Residents may be surprised — pleasantly or otherwise — at some new items and requirements on the 2015 Colorado income tax returns. Specifically, Colorado taxpayers are likely to receive a relatively modest TABOR refund for the first time in 10 years. That’s the good news, from an individual perspective. The bad news is, Colorado now requires residents to pay a retroactive tax on Internet purchases.

That’s right: The HD flat-screen TV that you bought through Amazon a year ago, the one that you thought was a couple hundred dollars cheaper than the one at the store, is suddenly the same price, and it’s time to make up the difference.

More on TABOR shortly but, first, let’s make sure you understand the details of this new Consumer Use Tax. It’s the same as the State sales tax rate, 2.9 percent, and Use Tax is also collected by some special districts. You can check your receipts (or other transaction details) to determine whether you paid taxes at the time of purchase. Some Internet companies collected the tax, some didn’t. It’s up to you to reconcile the difference by April 15. We recommend that you consult with a professional tax preparer but, if you have any doubts, you should definitely double-check the big-ticket items.

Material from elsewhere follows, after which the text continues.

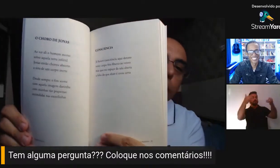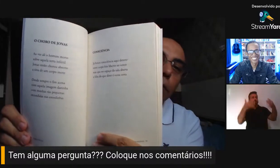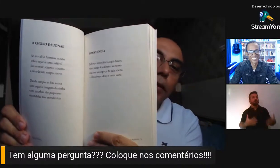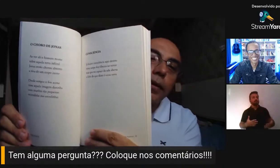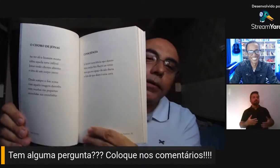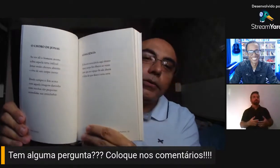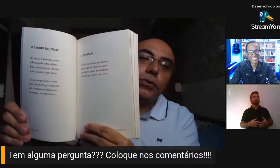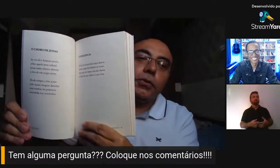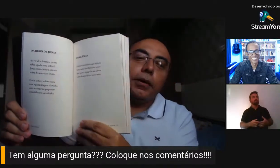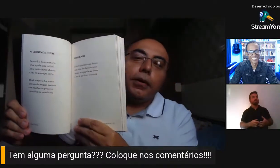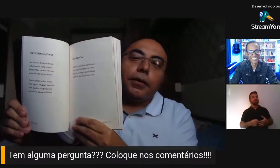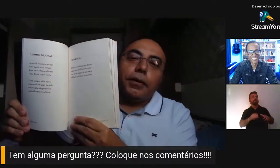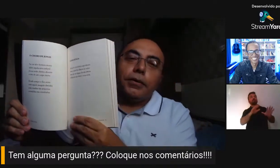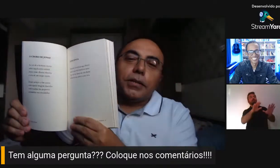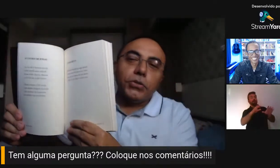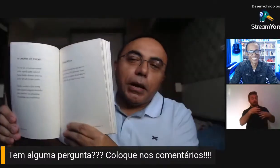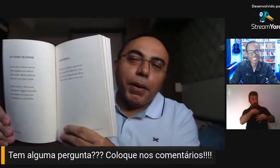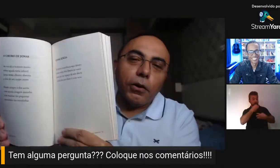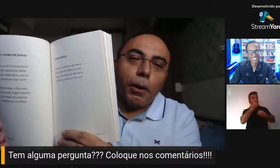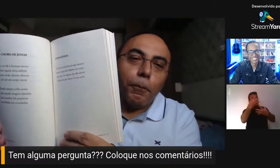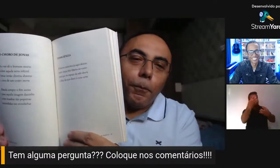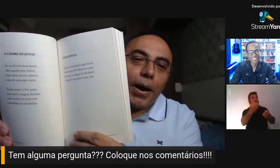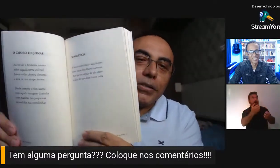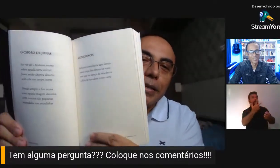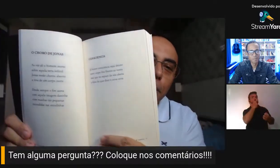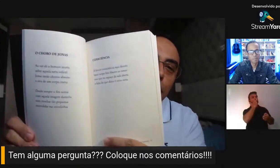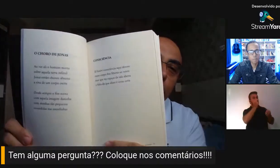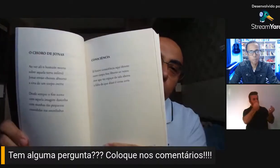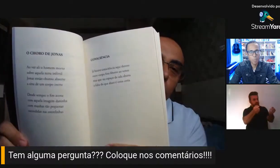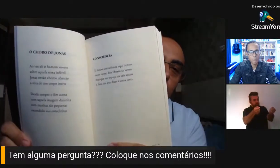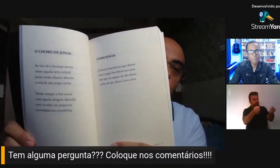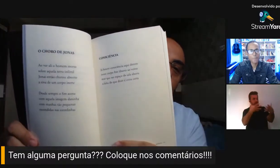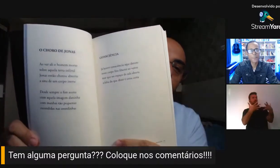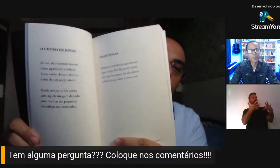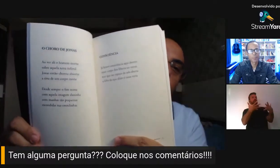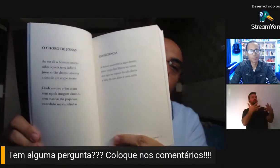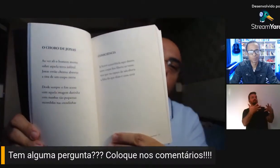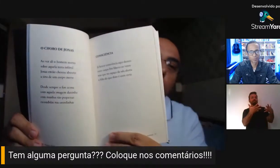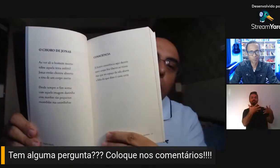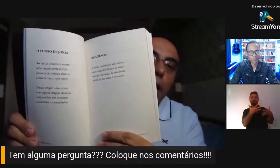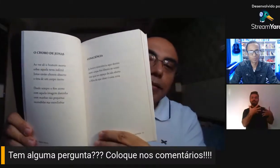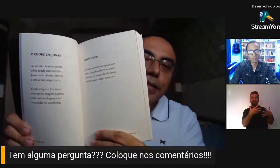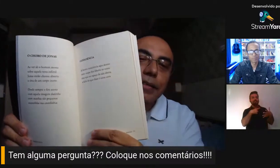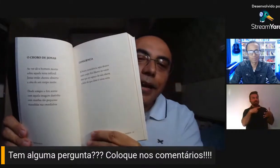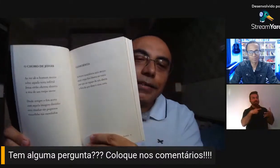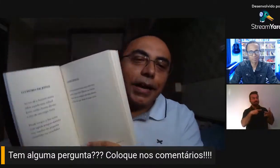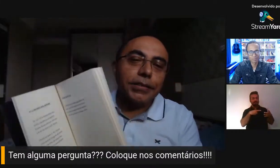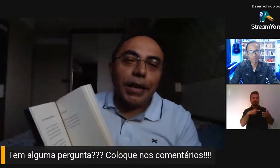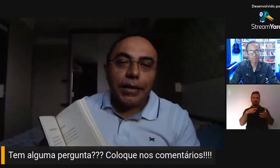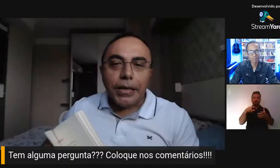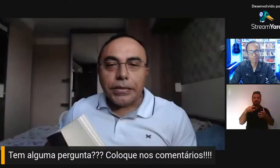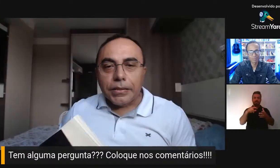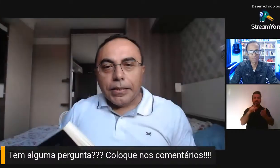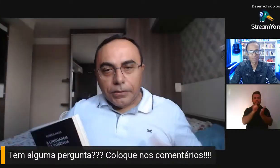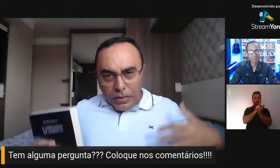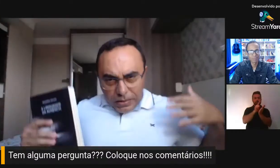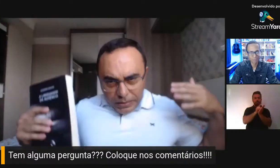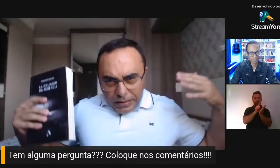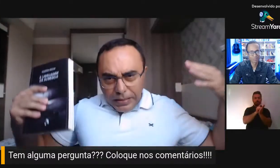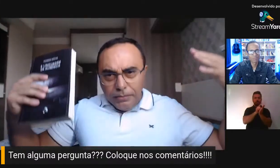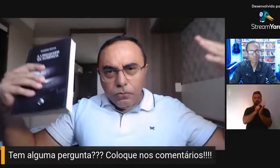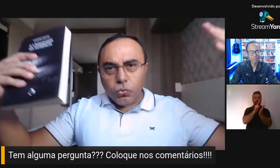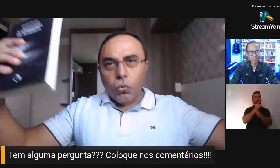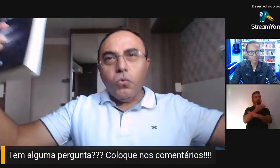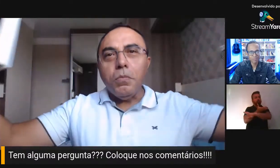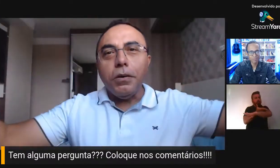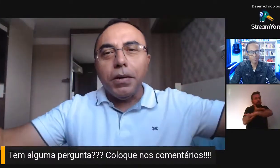de tão grande. Mas a gente trabalha com a página em branco e com a centralidade da letra. Então, a

Unfortunately, the TABOR refund is unlikely to make up for the deficit of that HD, flat-screen TV. Most individual refunds will fall in the range of $13 to $41. This refund kicks in when the state collects taxes in excess of a complex formula that includes inflation and population growth.

The TABOR credit is available to full-year residents age 18 and older. Persons younger than 18 who are required to file a return are also entitled to the TABOR credit.

The TABOR credit is only available to full-time residents, and Colorado taxpayers will have to include their driver’s license information on the front of the Colorado return, inclusive of the state of issuance, the date issued and the number on the license.